Etty Hillesum, een boeddhist kwartiertje
De nagelaten geschriften van Etty Hillesum zijn een goudmijn van spiritualiteit. De beschrijvingen van haar ervaringen, haar zelfreflecties, haar houding tegenover de Duitse bezetters, de strijd met haar verlangens, haar werk in Westerbork zijn voor velen een bron van inspiratie. Hier volgen enkele citaten die betrekking hebben op haar ontdekking en beoefening van meditatie, of zoals zij het zelf noemde: 'mijn buddhistisch kwartiertje'.
Zij noemt hier ook haar jongere broer Mischa, een zeer begaafd musicus, pianist, die op 'illegale zwarte avonden' voor prachtige concerten zorgde. De dirigent Mengelberg hoopte hem te kunnen vrijwaren van deportatie. Maar Mischa wilde dit slechts als het ook kon gelden voor de gehele familie. Toen hier van geen sprake kon zijn, werden moeder, vader, broer Willem, Mischa en Etty naar Westerbork gebracht en zijn zij samen met Etty op 7 september 1943 op transport gezet naar Auzwitsch.
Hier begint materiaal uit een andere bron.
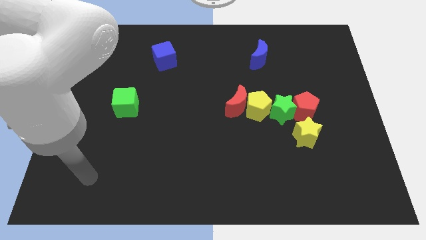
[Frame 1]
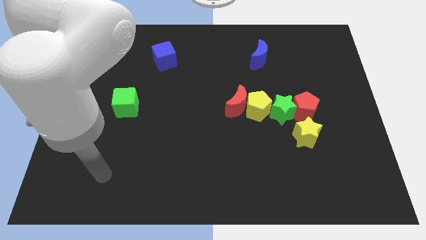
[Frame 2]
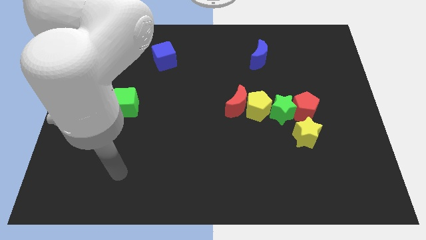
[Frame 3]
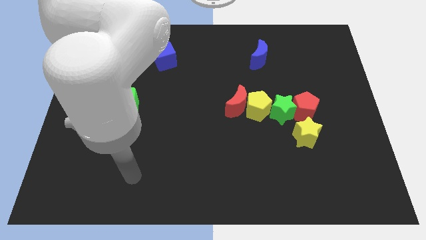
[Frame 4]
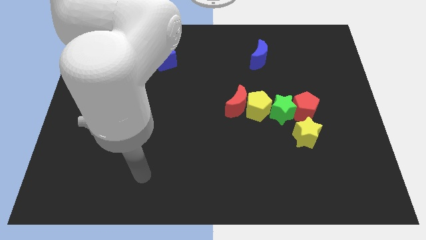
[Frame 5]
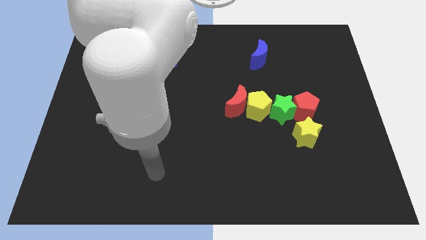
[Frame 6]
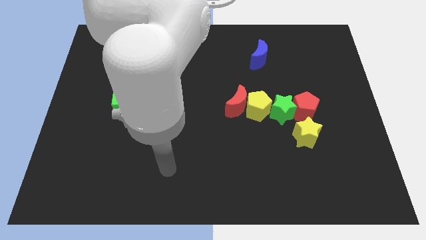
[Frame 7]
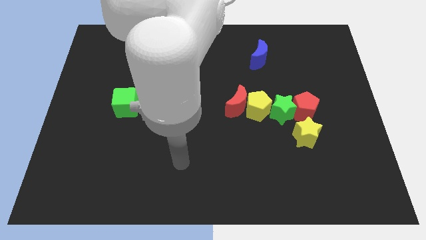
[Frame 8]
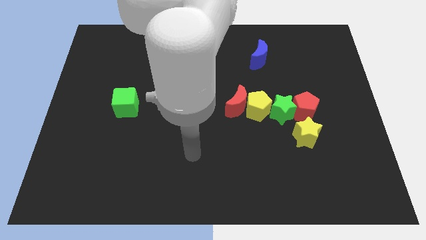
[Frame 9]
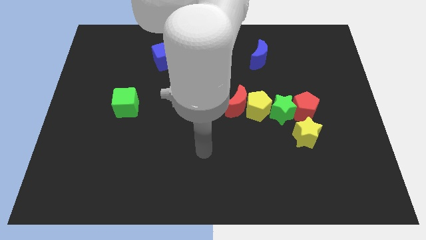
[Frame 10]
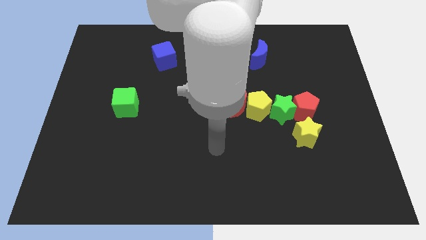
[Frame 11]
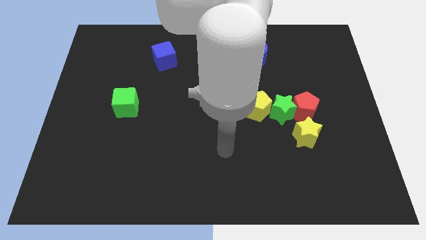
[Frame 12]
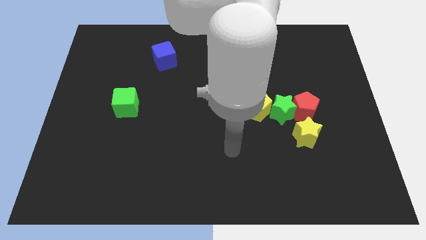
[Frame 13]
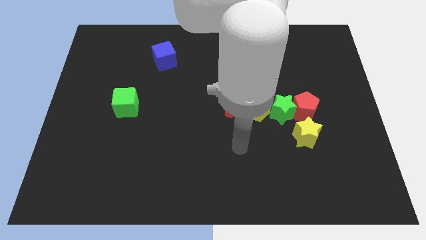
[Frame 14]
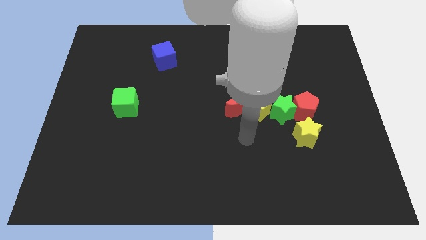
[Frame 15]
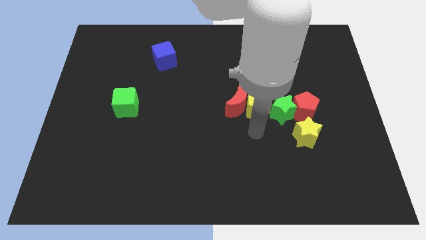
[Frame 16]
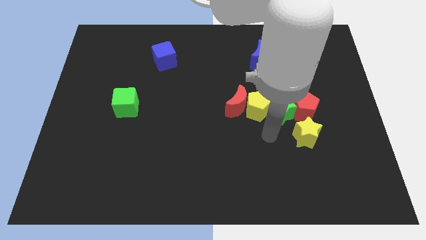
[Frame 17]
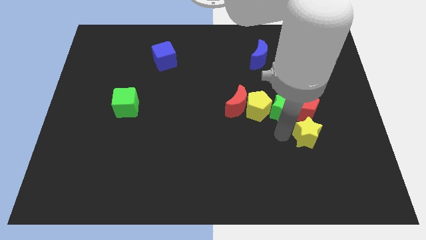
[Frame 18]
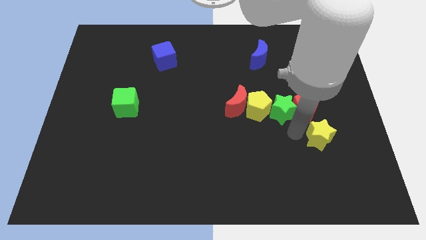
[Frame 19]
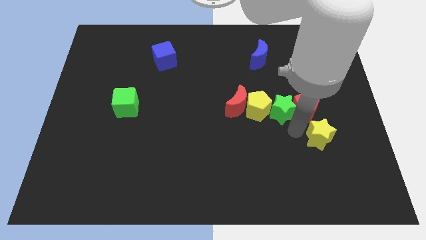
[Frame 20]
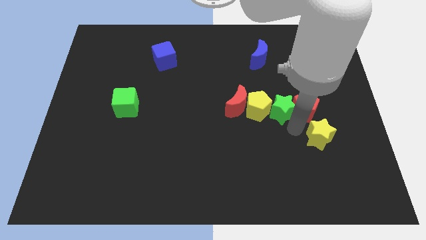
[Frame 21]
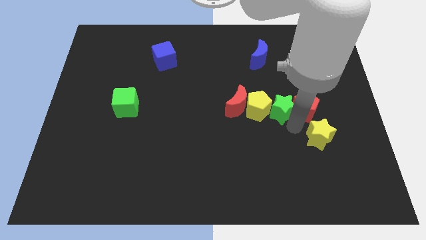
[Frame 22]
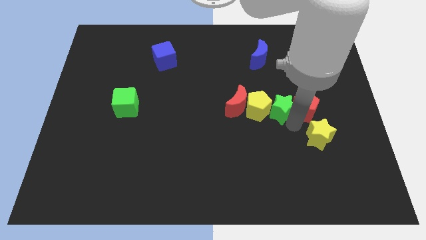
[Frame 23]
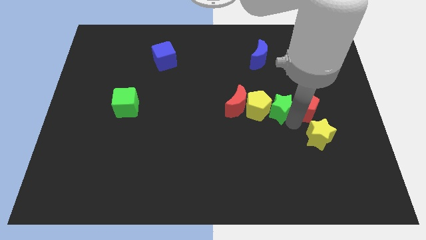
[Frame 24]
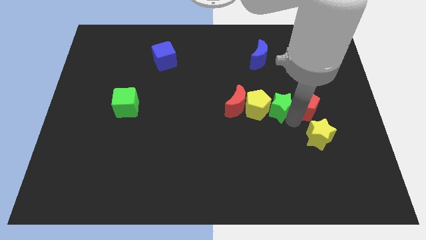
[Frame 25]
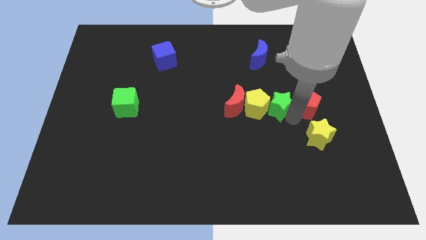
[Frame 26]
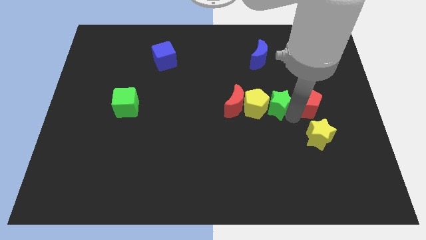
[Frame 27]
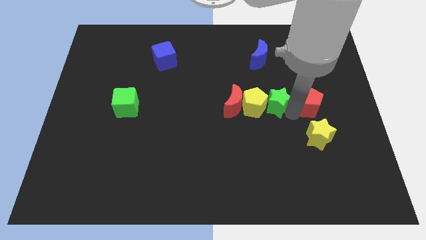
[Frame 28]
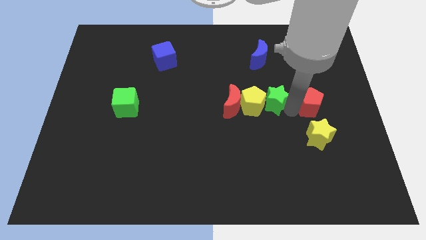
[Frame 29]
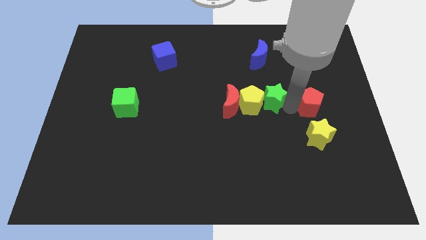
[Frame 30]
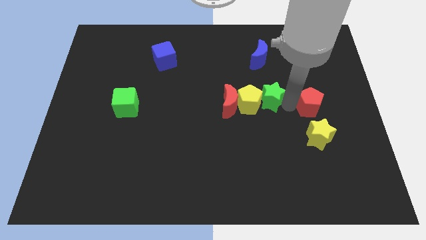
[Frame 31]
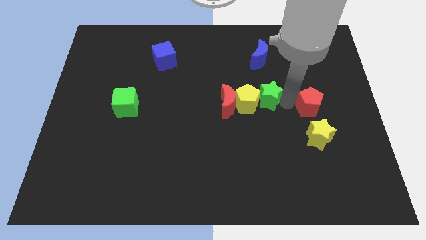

Niemand overleefde de kampen.
Mischa kreeg een prachtige biografie Mischa's spel en de ondergang van de familie Hillesum, door Jan Willem Regenhart, Uitgeverij Balans, 2012. Het boek bevat een cd met daarin twee preludes voor piano, gecomponeerd door Mischa en zijn uitvoering van Chopin, Polonaise A-dur, op.40.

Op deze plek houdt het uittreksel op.